As someone who never bought into the anti-substance abuse Just Say No mantra, this book appealed to me if, for no other reason than the Shadenfreude that I often feel while reclining on the couch with a highball and delving into someone else's Trainwreck Memoir. Dry, A Million Little Pieces, Drinking: A Love Story--I've read them all, clicking my tongue at the disastrous folly unfolding on the pages before me and finding an odd solace in the really grim parts, thinking to myself, "I've done a lot of bad things, but at least I've never done that. Or that. Or that! Etc."
In my experience, these memoirs follow a typical arc: Young Innocent enters into a self-destructive fun house, tells harrowing stories of what he saw on the inside and describes how it almost killed him. Eventually, he has an illuminating epiphany and emerges back into the light, a wiser (and usually unbearably smug) being who will go on to lead a life of unbridled success now that his demons are behind him and that pesky monkey is off his back.
This book, thank God, isn't like that. It does follow an arc similar to the one described above--a young man moves to the Big City with dreams of cinematic stardom but then finds The City a less than congenial place and he is forced to make several sacrifices to his integrity along the way in order to survive. He goes through an addiction hell, and eventually does emerge better off. Sort of.
The first inkling that this book will be something different comes early on when the author recounts his experience as a nineteen year-old contestant on that sad daytime perennial, The Price is Right. This opening scene sets the tone for the book (wistfully reminiscent, gently self-mocking, and slightly seedy) and establishes the dominant theme that will echo through it: the idea that nothing is ever quite as glamorous or perfect as it appears on the surface. As examples of this, we see the game show icon Bob Barker, but are then given a description of his thick pancake make-up and bad dye job; we hear how the author imagines himself as the sexy leading male, but then watch as the director of fried chicken commercial casts him for his geeky, gangly appearance and repeatedly yells at him to look more like "an ostrich". This dichotomy continues throughout the book as Our Hero finds success, not as a screen actor, but as a cocaine-addicted phone sex worker. The story, particularly early on, with its portrayal of a seamy Los Angeles, populated with desperate characters who all want to be on top, and fail miserably trying to get there, is reminiscent of Nathanael West's, The Day of the Locust. See also: It Never Rains In Southern California, Do You Know the Way to San Jose, and even Message to Michael--all of which came into my head while I was reading this book.
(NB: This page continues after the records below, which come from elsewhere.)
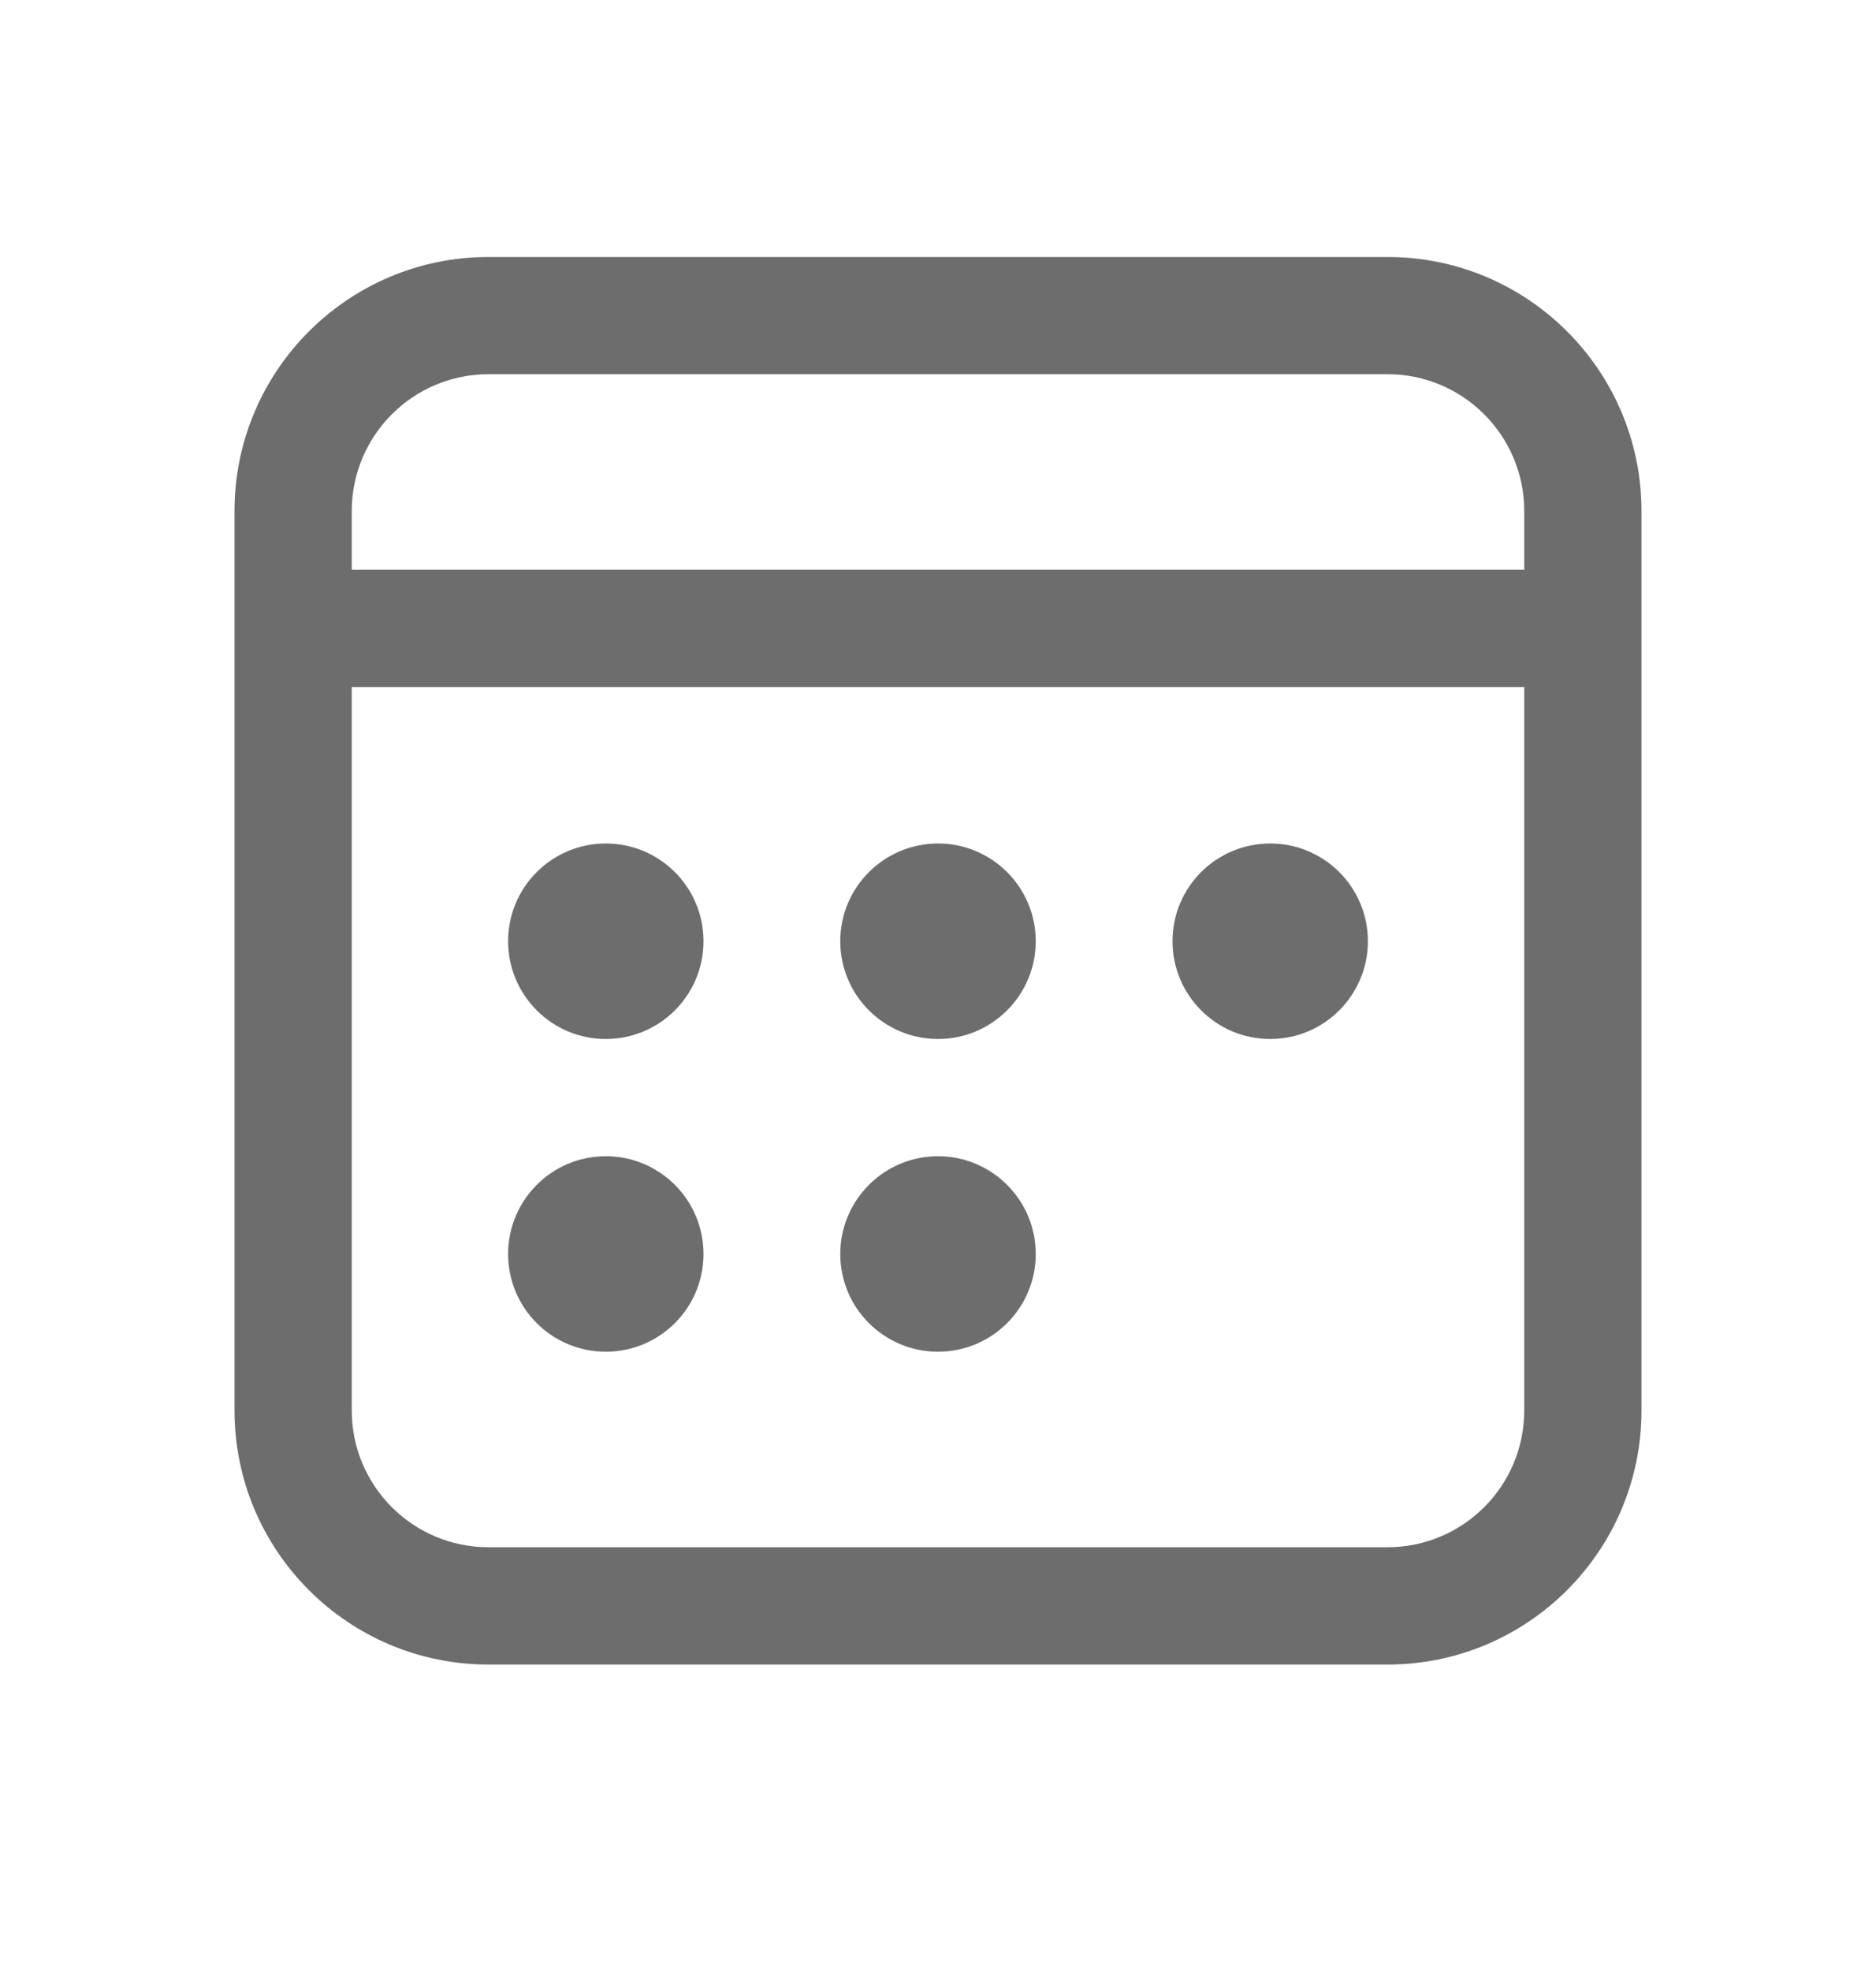 <svg width="20" height="21" viewBox="0 0 20 21" fill="none" xmlns="http://www.w3.org/2000/svg">
<path d="M14.792 2.738C16.287 2.738 17.5 3.95 17.5 5.446V15.027C17.5 16.523 16.287 17.735 14.792 17.735H5.208C3.713 17.735 2.5 16.523 2.5 15.027V5.446C2.5 3.95 3.713 2.738 5.208 2.738H14.792ZM16.25 7.32H3.75V15.027C3.75 15.833 4.403 16.485 5.208 16.485H14.792C15.597 16.485 16.25 15.833 16.25 15.027V7.32ZM6.458 12.319C7.034 12.319 7.5 12.786 7.5 13.361C7.5 13.936 7.034 14.402 6.458 14.402C5.883 14.402 5.417 13.936 5.417 13.361C5.417 12.786 5.883 12.319 6.458 12.319ZM10 12.319C10.575 12.319 11.042 12.786 11.042 13.361C11.042 13.936 10.575 14.402 10 14.402C9.425 14.402 8.958 13.936 8.958 13.361C8.958 12.786 9.425 12.319 10 12.319ZM6.458 8.987C7.034 8.987 7.5 9.453 7.5 10.028C7.5 10.603 7.034 11.07 6.458 11.07C5.883 11.07 5.417 10.603 5.417 10.028C5.417 9.453 5.883 8.987 6.458 8.987ZM10 8.987C10.575 8.987 11.042 9.453 11.042 10.028C11.042 10.603 10.575 11.07 10 11.07C9.425 11.07 8.958 10.603 8.958 10.028C8.958 9.453 9.425 8.987 10 8.987ZM13.542 8.987C14.117 8.987 14.583 9.453 14.583 10.028C14.583 10.603 14.117 11.07 13.542 11.07C12.966 11.07 12.5 10.603 12.5 10.028C12.5 9.453 12.966 8.987 13.542 8.987ZM14.792 3.987H5.208C4.403 3.987 3.75 4.64 3.75 5.446V6.07H16.25V5.446C16.25 4.64 15.597 3.987 14.792 3.987Z" fill="#6D6D6D"/>
</svg>
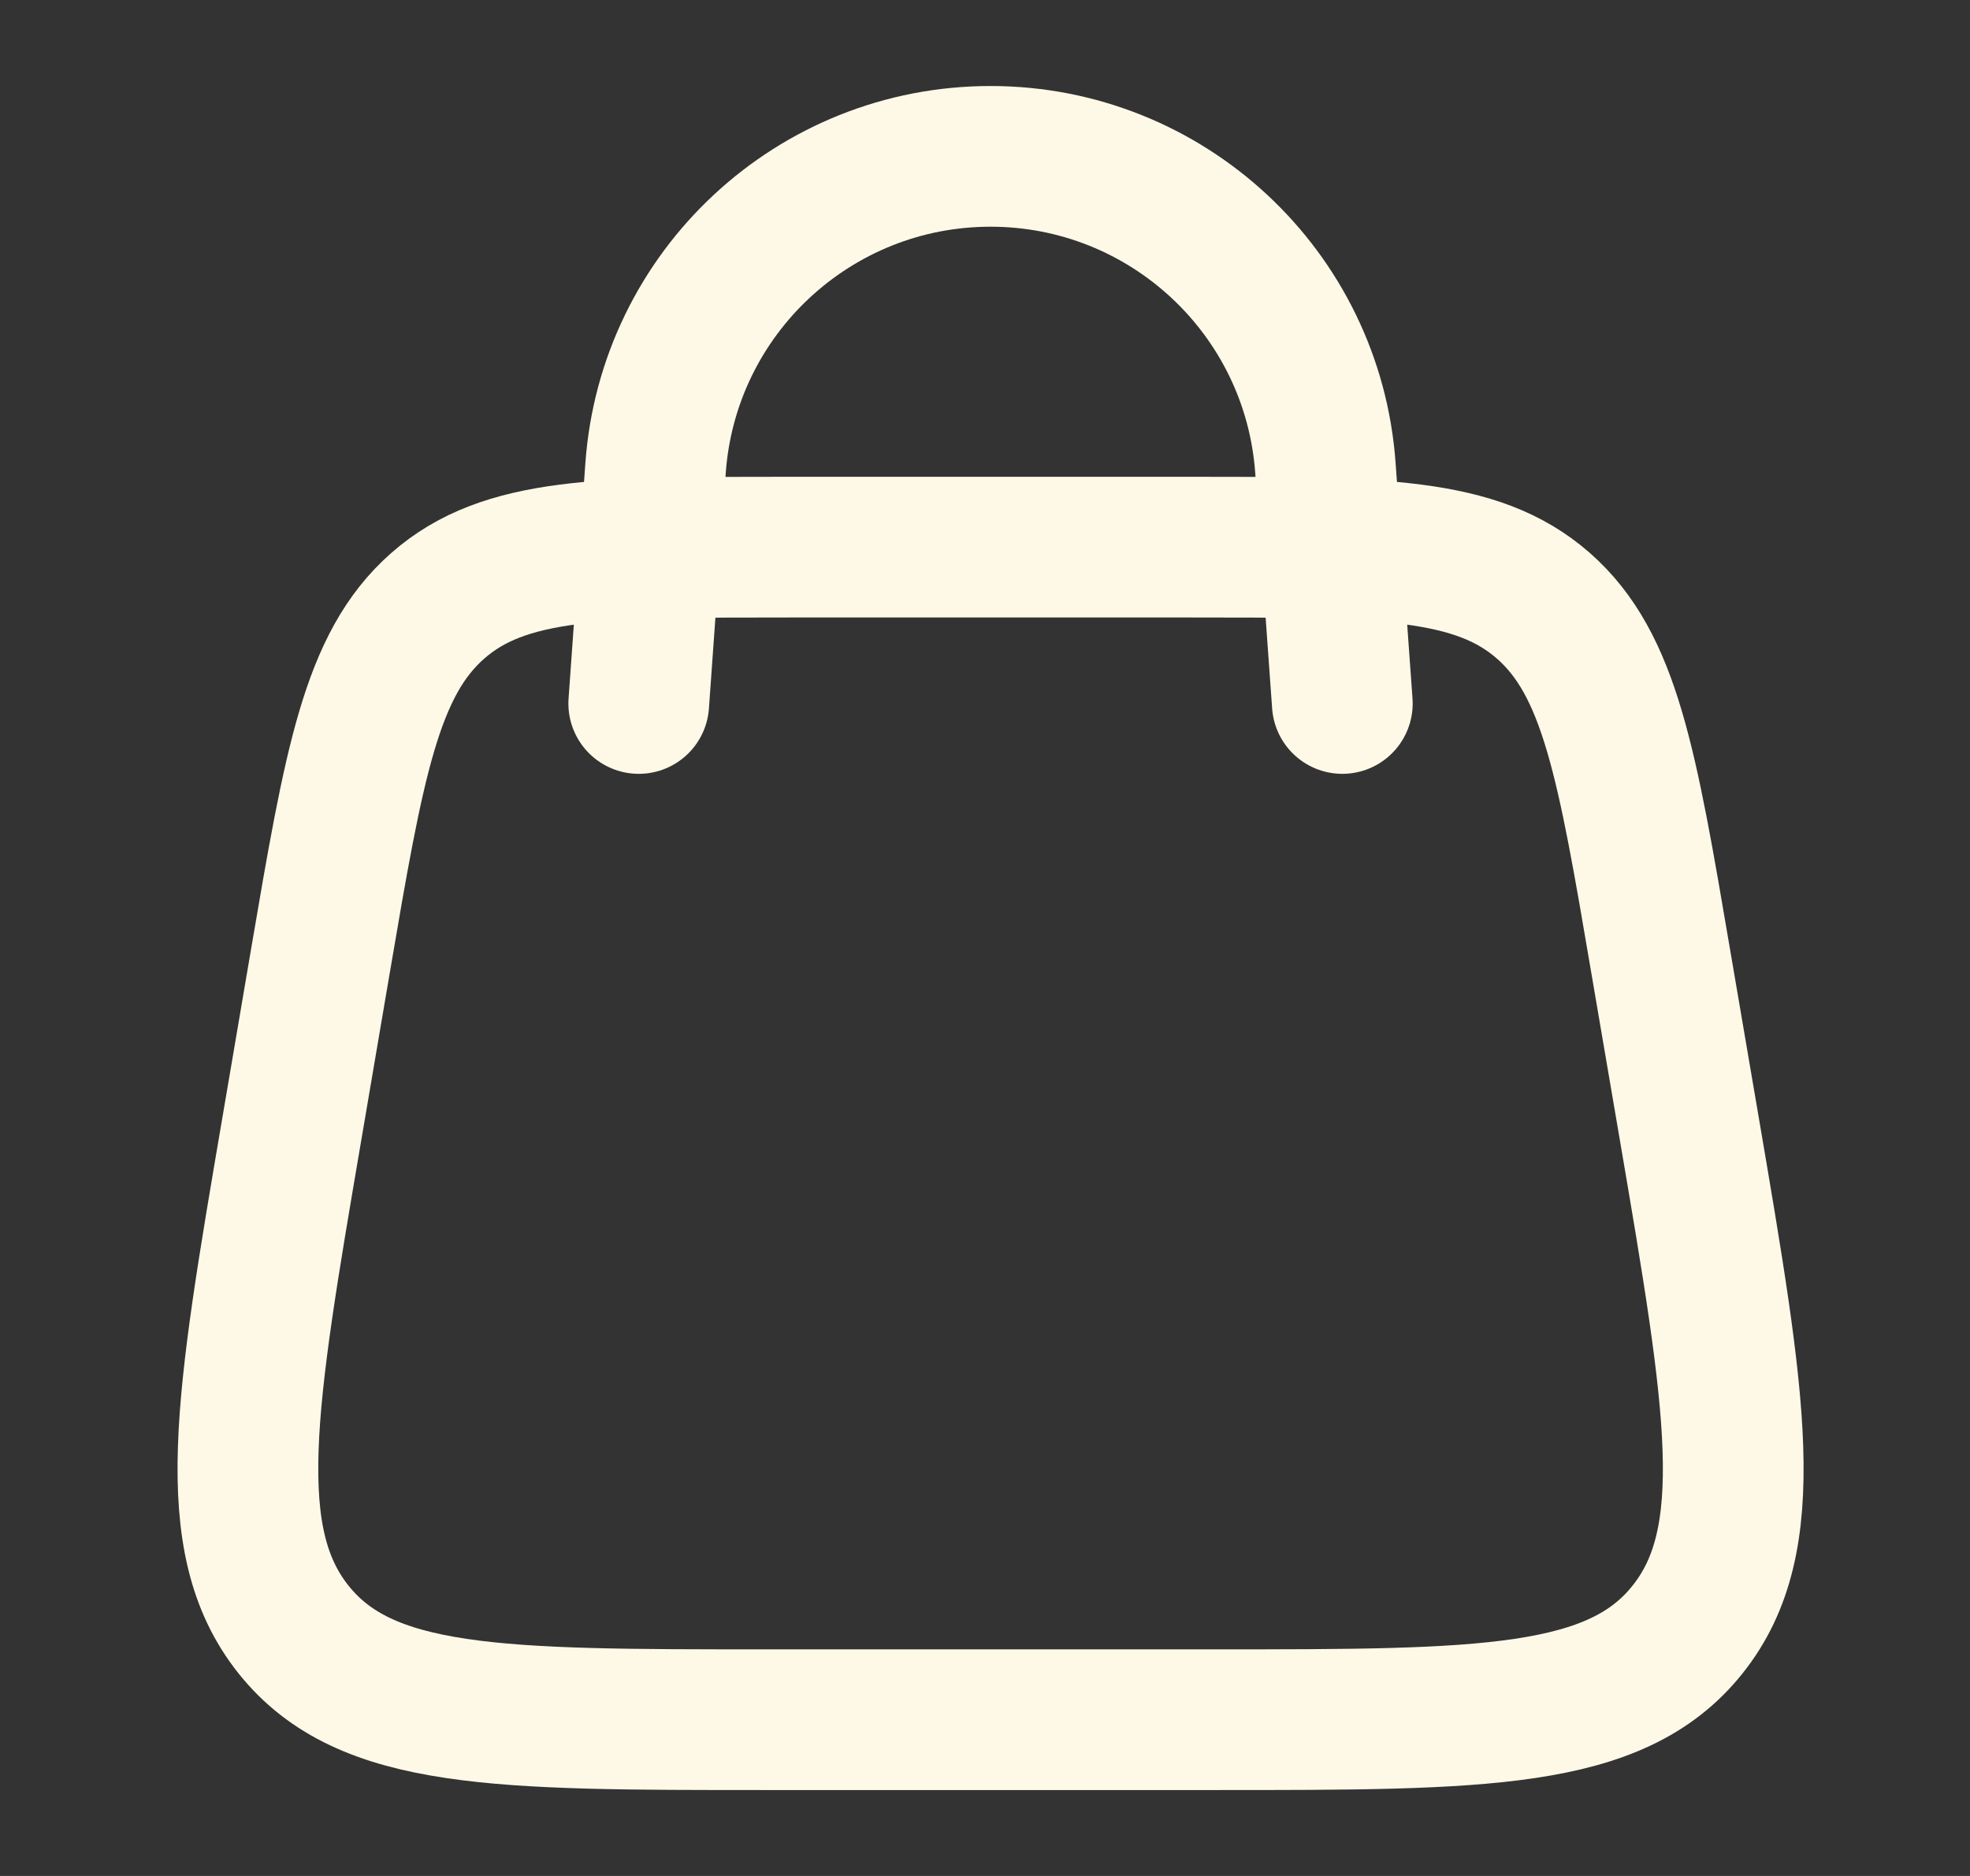 <svg width="21" height="20" viewBox="0 0 21 20" fill="none" xmlns="http://www.w3.org/2000/svg">
<rect x="0" y="0" width="21" height="20" fill="#333333" stroke="none"/>
<path d="M3.111 12.035L3.415 10.249C3.775 8.138 3.955 7.083 4.667 6.458C5.379 5.833 6.402 5.833 8.449 5.833H12.67C14.716 5.833 15.739 5.833 16.452 6.458C17.164 7.083 17.344 8.138 17.703 10.249L18.008 12.035C18.506 14.955 18.755 16.415 17.988 17.374C17.222 18.334 15.806 18.334 12.974 18.334H8.144C5.313 18.334 3.897 18.334 3.13 17.374C2.364 16.415 2.613 14.955 3.111 12.035Z" stroke="#FEF9E7" stroke-width="1.5"/>
<path d="M6.809 7.5L6.988 4.992C7.122 3.118 8.68 1.667 10.559 1.667C12.437 1.667 13.996 3.118 14.129 4.992L14.309 7.5" stroke="#FEF9E7" stroke-width="1.5" stroke-linecap="round"/>
</svg>

Things get increasingly grim as the story goes on, most notably when the AIDS virus emerges from behind the curtain and infects the author and most of his friends. In a more conventional memoir, it would be at this point that you'd expect an epiphany--a moment where he'd change his errant ways, and move toward the light. But this story, like most of the world outside of fiction, isn't quite so neat and tidy. The author remains self-involved and shallow, engages in behavior that is destructive to himself and others, often does and says the wrong thing, makes bad decisions, is sometimes whiney, and seems, at times, hopelessly mired in a heap of trivial externals. But what saves the story, and keeps the reader eagerly turning pages, is the author's self-deprecating humor. Repeatedly throughout the book he inflates his ego only to later stab it with a pin. This is often very funny to watch (as when he is describing a drunken roll in the hay with Rock Hudson, or his disastrous television interview in the wake of Magic Johnson's AIDS announcement), but it is just as often heartbreaking, as we witness him stumbling and fumbling along, trying to reach some goal that even he doesn't seem sure of. In spite of those missteps, the author is always moving forward, trying to honestly assess his shortcomings. And it is those fumbling attempts that are, in the end, his redemption; the things that enable him to finally escape the perpetual adolescence that seems to ensnare so many gay men.